> PROBLEM STATEMENT
Which lines below mention "round"? Pick each one out.

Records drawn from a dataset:
──────────

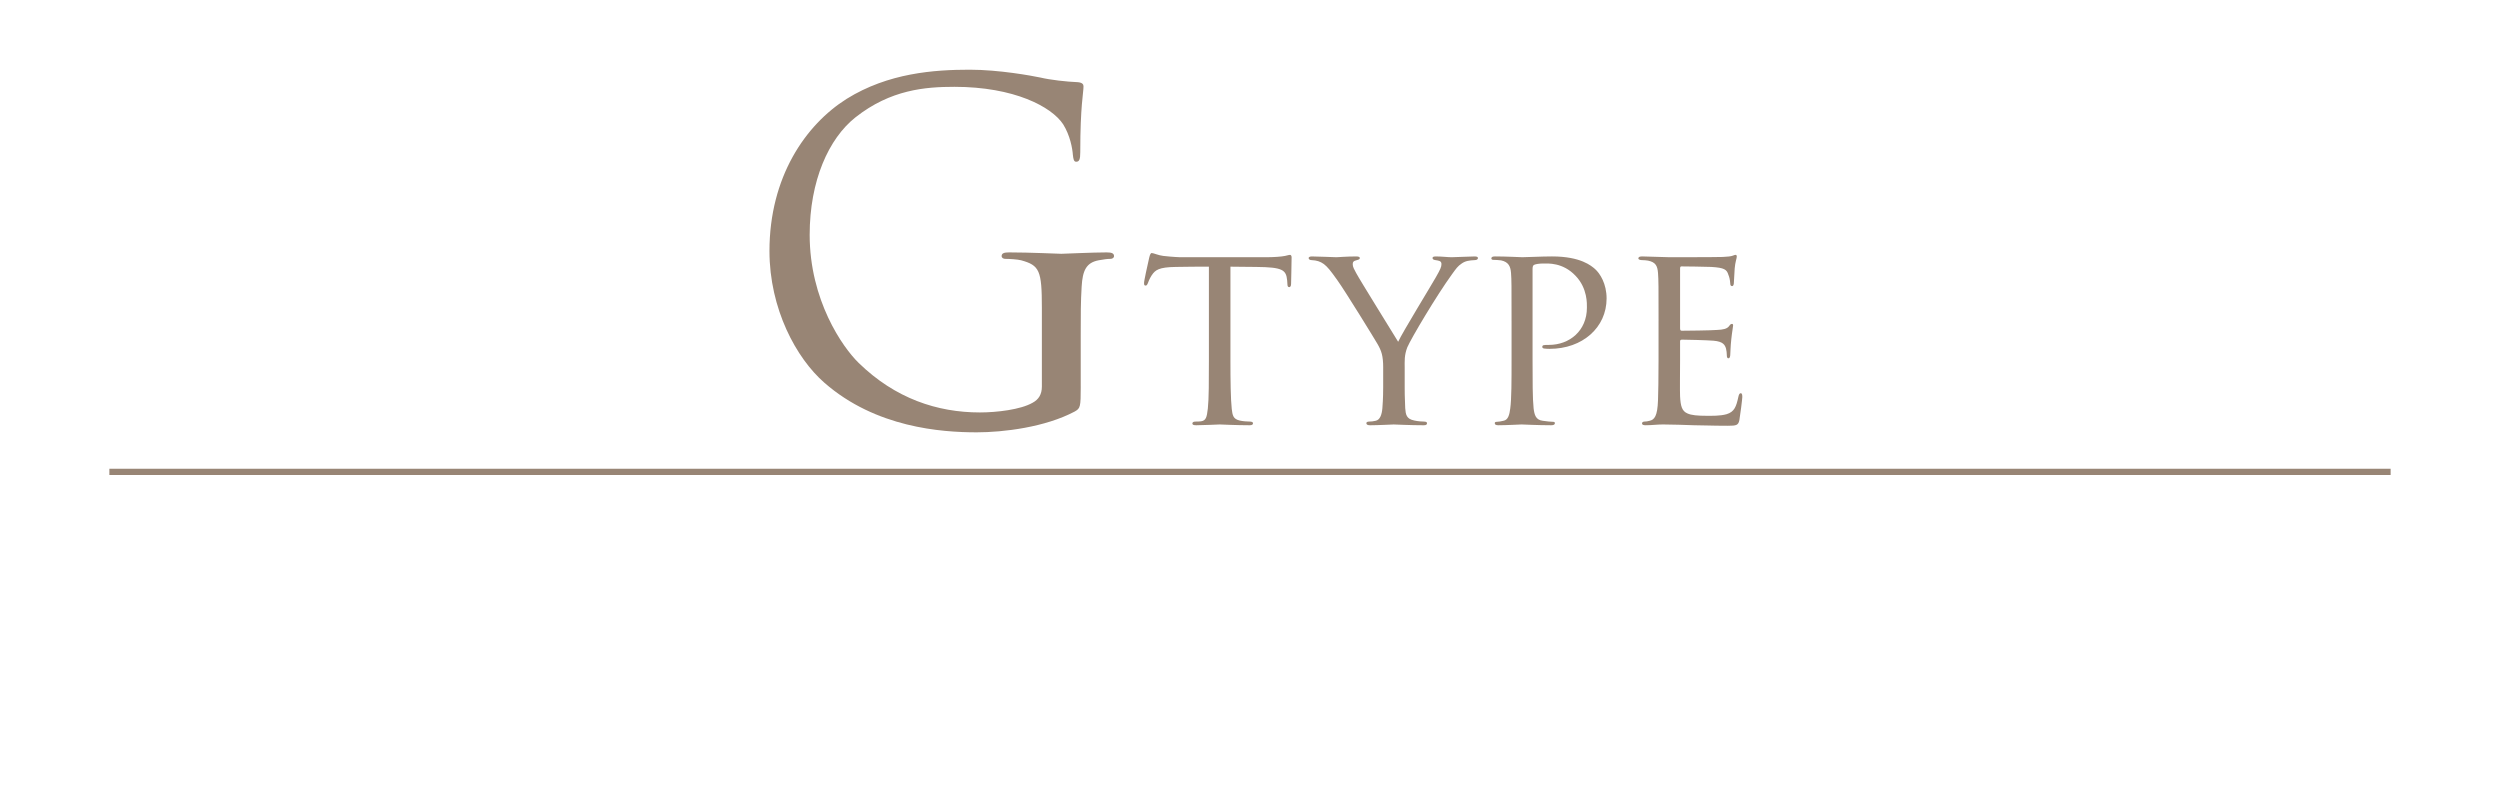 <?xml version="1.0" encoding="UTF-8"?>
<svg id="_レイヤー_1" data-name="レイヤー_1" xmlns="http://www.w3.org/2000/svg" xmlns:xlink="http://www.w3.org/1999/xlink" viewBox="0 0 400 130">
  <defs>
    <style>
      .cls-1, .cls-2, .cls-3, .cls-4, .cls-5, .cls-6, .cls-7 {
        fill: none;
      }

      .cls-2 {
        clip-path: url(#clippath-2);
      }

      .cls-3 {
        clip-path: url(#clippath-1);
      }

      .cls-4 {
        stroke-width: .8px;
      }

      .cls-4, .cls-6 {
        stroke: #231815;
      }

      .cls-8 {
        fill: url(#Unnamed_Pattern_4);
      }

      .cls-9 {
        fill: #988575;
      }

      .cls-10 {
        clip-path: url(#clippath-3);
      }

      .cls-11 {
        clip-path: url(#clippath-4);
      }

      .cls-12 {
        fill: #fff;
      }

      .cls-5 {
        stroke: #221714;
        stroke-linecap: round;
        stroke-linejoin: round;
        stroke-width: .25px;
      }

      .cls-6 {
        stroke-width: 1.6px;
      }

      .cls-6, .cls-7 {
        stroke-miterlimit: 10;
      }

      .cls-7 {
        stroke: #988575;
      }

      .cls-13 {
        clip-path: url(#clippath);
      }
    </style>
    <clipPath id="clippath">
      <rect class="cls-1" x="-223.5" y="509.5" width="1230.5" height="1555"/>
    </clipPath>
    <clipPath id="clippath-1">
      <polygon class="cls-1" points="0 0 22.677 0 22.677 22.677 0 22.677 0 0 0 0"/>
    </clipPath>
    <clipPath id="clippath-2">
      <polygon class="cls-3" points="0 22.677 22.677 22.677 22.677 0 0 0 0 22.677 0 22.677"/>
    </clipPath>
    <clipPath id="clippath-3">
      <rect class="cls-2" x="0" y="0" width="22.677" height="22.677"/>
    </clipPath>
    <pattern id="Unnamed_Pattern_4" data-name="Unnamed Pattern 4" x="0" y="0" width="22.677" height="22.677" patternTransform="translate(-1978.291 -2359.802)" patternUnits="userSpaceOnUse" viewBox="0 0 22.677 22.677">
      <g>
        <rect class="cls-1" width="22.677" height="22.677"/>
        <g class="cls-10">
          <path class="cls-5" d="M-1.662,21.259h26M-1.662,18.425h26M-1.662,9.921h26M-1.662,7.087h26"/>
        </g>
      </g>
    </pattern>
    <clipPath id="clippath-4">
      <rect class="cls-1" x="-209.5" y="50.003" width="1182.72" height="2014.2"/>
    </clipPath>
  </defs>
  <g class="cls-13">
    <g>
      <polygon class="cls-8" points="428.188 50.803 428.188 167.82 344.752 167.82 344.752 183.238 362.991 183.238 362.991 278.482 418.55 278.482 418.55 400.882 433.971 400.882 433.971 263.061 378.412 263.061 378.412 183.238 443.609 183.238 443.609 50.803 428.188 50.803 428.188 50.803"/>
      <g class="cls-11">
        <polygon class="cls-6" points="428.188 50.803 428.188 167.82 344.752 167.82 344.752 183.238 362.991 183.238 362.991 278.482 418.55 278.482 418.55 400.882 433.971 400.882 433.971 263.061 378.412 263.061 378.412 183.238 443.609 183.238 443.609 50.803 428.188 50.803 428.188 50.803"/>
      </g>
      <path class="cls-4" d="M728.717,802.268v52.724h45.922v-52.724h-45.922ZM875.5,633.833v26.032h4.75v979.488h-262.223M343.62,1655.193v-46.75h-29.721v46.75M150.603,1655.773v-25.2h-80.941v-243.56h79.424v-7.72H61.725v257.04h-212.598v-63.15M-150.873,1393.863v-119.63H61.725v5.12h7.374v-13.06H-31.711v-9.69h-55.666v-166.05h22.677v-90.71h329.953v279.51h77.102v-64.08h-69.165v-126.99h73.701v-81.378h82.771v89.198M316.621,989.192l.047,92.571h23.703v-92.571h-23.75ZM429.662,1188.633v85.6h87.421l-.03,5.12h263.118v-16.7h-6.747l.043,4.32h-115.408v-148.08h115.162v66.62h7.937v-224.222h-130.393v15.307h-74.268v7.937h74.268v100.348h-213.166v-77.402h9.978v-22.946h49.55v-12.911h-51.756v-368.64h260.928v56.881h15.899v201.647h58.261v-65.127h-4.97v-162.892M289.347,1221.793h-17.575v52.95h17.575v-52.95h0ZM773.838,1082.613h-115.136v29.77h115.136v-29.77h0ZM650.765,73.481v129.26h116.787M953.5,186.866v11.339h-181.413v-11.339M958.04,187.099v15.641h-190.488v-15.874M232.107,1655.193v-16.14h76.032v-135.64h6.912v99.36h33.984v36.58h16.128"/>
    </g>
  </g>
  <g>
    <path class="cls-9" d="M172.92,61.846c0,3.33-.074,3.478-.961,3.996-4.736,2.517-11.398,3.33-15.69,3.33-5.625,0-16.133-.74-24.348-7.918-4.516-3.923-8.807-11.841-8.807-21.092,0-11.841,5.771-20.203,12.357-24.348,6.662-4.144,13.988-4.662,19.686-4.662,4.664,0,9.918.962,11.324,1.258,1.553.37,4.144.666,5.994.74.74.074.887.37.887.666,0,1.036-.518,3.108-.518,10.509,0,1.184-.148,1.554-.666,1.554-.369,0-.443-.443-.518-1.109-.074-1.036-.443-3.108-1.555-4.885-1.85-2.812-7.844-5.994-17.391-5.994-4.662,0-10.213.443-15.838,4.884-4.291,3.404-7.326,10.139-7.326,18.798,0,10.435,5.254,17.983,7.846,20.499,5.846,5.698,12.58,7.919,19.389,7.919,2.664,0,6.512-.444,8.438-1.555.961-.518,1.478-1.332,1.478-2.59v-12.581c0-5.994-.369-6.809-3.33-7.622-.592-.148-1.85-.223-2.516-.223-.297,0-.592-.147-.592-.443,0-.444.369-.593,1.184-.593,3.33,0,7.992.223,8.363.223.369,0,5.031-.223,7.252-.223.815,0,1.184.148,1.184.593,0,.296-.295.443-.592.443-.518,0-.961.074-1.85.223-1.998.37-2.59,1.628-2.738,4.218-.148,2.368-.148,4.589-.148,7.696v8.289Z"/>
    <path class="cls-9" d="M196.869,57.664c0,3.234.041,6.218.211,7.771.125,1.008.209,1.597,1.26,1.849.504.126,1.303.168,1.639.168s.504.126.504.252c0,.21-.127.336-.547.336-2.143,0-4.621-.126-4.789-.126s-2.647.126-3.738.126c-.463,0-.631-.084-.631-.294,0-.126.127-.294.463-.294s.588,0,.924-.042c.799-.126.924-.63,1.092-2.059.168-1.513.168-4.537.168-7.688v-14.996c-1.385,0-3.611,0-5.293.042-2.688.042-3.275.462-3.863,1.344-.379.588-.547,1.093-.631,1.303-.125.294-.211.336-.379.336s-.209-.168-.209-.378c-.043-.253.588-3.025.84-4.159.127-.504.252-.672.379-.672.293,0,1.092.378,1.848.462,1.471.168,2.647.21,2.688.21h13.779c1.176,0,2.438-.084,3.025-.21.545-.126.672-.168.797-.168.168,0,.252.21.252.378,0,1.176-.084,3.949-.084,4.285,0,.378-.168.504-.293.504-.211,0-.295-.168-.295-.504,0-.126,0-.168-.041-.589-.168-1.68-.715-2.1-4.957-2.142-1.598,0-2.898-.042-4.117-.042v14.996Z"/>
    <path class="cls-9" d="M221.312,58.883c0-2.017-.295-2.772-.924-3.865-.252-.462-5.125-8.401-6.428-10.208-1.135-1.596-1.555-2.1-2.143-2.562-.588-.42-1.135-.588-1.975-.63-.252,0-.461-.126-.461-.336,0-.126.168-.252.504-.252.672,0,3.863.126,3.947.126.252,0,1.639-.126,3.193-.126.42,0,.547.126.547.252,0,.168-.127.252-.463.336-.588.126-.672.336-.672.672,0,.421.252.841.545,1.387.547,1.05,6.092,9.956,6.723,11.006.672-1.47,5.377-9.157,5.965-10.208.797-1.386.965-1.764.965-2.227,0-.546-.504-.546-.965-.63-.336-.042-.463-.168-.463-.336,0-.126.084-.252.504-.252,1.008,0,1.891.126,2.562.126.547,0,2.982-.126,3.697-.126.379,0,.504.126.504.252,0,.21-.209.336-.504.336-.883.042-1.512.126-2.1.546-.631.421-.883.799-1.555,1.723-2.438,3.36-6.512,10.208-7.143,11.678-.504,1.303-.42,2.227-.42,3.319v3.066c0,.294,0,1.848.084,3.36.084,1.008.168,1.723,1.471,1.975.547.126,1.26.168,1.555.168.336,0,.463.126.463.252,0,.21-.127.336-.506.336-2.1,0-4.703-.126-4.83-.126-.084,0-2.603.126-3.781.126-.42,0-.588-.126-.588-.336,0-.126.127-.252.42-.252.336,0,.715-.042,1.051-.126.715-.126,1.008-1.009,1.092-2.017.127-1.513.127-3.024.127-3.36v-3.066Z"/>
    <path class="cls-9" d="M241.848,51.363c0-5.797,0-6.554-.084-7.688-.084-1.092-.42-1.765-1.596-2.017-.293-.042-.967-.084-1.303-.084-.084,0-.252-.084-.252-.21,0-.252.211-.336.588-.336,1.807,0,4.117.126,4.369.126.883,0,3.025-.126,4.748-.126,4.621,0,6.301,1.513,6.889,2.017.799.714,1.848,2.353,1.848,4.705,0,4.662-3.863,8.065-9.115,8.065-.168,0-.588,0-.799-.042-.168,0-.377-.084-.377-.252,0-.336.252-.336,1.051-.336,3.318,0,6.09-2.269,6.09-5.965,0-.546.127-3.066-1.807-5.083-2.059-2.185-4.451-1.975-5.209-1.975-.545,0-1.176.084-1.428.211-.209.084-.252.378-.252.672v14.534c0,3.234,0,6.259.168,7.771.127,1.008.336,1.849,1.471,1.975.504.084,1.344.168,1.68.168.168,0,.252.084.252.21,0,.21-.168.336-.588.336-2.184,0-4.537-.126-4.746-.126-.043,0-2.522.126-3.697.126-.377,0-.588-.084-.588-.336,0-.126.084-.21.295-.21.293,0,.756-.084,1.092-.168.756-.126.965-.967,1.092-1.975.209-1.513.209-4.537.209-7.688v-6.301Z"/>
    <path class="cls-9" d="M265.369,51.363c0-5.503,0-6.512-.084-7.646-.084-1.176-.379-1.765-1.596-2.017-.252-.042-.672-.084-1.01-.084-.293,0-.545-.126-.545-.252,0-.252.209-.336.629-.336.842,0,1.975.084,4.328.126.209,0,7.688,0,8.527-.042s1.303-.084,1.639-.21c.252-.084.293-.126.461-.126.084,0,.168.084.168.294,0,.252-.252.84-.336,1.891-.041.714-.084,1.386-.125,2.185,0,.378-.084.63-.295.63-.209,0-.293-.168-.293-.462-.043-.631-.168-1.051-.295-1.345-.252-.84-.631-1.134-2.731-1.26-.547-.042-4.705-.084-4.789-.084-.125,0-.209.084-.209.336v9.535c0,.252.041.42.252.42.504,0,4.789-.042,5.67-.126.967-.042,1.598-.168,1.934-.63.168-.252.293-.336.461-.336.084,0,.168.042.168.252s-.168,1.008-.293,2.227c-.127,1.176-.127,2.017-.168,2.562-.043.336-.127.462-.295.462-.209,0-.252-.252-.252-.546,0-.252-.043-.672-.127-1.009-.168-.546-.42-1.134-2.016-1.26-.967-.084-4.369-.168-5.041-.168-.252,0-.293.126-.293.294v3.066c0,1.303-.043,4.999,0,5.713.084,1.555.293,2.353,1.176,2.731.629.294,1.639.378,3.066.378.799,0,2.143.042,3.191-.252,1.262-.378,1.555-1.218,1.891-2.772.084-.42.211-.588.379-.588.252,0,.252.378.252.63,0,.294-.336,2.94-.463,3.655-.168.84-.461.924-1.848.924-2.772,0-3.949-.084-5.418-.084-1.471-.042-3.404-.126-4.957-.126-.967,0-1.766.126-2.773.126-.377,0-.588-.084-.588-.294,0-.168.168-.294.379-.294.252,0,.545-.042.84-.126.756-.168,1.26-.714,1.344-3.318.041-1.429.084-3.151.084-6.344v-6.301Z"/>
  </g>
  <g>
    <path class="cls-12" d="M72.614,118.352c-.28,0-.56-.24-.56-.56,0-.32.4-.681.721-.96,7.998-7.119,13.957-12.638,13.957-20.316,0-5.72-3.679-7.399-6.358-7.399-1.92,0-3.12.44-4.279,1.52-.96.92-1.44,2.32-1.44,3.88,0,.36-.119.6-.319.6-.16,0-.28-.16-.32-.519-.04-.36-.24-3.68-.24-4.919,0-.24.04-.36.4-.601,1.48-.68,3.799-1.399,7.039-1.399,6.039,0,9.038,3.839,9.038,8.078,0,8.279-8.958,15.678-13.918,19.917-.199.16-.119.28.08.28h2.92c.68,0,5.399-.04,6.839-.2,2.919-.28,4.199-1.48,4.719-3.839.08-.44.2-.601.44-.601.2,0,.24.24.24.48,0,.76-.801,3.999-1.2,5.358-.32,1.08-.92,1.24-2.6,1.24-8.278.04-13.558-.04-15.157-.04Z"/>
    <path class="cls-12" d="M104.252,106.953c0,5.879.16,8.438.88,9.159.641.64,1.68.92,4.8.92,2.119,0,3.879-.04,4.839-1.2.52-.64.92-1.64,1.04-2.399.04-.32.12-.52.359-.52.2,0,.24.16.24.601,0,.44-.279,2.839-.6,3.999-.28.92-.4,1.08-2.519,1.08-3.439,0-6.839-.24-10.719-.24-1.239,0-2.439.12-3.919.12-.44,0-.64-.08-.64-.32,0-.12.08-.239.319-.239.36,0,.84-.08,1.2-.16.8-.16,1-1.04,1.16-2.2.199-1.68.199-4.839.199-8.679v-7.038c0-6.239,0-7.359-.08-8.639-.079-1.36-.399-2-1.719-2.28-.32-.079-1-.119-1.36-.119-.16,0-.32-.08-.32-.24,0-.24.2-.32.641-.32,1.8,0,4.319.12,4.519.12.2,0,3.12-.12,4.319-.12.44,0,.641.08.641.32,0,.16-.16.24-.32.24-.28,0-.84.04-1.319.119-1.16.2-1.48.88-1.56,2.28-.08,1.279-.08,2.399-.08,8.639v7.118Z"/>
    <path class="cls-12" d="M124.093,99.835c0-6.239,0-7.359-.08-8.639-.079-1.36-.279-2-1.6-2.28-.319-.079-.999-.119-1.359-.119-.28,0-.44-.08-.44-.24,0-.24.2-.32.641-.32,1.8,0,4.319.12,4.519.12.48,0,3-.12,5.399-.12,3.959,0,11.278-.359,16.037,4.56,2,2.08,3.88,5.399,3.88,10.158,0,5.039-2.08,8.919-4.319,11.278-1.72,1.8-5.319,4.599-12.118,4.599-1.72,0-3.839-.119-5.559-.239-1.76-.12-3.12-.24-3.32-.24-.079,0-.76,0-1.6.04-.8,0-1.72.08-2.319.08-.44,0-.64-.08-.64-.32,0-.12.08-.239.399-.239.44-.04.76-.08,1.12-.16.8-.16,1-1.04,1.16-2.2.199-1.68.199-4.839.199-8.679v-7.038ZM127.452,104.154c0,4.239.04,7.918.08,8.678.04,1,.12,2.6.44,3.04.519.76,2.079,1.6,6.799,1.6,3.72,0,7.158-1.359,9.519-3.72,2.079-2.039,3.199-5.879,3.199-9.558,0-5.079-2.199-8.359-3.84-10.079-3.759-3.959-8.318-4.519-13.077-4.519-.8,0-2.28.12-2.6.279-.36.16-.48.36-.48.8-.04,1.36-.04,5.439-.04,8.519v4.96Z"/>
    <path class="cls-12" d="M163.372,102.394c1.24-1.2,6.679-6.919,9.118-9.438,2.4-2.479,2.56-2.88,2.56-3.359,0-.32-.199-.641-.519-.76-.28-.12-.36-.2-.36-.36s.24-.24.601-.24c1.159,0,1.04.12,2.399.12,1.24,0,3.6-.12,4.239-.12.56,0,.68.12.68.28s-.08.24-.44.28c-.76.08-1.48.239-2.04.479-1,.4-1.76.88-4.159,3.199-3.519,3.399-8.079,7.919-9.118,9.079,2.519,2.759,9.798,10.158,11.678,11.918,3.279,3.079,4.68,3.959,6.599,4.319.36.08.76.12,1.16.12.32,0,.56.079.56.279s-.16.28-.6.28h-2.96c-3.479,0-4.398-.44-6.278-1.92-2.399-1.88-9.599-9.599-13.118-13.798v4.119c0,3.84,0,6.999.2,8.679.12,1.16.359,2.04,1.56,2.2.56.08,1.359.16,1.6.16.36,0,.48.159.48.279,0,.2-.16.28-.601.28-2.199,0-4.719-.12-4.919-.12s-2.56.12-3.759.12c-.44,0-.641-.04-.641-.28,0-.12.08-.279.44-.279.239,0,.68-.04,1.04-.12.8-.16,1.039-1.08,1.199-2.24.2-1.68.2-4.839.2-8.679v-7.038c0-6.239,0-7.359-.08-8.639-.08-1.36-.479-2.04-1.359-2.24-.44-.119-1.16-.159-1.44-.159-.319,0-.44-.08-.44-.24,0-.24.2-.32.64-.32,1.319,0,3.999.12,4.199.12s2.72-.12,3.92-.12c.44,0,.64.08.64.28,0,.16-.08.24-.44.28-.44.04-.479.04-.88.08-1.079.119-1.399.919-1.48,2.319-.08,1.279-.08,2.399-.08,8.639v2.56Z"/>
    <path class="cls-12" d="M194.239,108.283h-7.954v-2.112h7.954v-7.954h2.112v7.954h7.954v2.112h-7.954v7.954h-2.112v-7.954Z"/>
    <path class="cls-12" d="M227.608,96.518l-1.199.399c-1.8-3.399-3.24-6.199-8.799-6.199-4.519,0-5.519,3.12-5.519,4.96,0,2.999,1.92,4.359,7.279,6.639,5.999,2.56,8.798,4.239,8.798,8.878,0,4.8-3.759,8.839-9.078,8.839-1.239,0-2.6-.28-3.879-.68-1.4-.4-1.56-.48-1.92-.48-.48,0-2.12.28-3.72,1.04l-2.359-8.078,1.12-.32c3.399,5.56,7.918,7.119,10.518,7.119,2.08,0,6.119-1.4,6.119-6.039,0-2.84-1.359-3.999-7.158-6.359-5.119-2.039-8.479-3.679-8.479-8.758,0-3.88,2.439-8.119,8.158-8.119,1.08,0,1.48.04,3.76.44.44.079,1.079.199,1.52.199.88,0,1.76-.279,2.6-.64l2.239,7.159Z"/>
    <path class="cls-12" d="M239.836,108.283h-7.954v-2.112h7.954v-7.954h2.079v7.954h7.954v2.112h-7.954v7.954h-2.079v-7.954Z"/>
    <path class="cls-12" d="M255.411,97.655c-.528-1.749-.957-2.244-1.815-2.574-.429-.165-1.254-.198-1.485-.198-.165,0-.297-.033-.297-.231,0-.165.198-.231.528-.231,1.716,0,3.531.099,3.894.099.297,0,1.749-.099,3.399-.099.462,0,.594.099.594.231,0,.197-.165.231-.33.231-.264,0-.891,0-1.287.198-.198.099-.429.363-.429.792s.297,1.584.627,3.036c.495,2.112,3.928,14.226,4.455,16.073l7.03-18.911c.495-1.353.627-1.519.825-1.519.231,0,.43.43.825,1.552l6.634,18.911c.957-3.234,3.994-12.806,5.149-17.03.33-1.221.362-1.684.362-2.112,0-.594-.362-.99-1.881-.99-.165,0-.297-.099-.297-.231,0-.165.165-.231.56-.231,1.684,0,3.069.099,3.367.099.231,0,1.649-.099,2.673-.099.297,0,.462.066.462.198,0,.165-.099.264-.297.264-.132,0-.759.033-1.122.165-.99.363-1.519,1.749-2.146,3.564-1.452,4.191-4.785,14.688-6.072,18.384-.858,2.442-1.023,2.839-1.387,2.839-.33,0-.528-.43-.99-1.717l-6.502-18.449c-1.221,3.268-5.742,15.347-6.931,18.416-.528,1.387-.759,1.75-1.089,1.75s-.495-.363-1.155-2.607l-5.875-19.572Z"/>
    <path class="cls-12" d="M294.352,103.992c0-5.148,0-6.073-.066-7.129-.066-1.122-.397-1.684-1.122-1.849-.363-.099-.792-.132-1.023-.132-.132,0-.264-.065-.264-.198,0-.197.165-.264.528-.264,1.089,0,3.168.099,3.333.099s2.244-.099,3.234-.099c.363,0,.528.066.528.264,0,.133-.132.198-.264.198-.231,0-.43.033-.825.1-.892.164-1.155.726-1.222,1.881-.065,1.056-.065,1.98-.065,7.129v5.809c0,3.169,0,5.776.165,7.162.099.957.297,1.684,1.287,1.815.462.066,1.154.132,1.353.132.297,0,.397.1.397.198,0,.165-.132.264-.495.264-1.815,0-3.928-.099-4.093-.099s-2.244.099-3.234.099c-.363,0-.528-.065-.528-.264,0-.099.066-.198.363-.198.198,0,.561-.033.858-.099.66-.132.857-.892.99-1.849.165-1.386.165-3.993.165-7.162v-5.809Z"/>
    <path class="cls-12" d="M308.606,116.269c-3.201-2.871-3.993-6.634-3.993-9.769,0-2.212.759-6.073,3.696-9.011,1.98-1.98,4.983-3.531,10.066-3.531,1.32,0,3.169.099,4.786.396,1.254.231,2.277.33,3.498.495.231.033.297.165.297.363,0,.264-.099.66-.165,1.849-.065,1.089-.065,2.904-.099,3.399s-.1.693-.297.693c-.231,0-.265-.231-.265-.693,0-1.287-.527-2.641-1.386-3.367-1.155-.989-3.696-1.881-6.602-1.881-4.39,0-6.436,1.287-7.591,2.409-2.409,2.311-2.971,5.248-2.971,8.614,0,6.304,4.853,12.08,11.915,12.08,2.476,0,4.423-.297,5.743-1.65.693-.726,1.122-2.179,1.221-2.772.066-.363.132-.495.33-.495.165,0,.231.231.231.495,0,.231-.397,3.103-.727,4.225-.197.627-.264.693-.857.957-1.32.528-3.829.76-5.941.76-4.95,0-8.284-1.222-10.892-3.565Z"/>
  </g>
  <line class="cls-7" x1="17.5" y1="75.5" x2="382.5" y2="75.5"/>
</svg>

──────────

> EXPECTED OUTPUT
        stroke-linecap: round;
        stroke-linejoin: round;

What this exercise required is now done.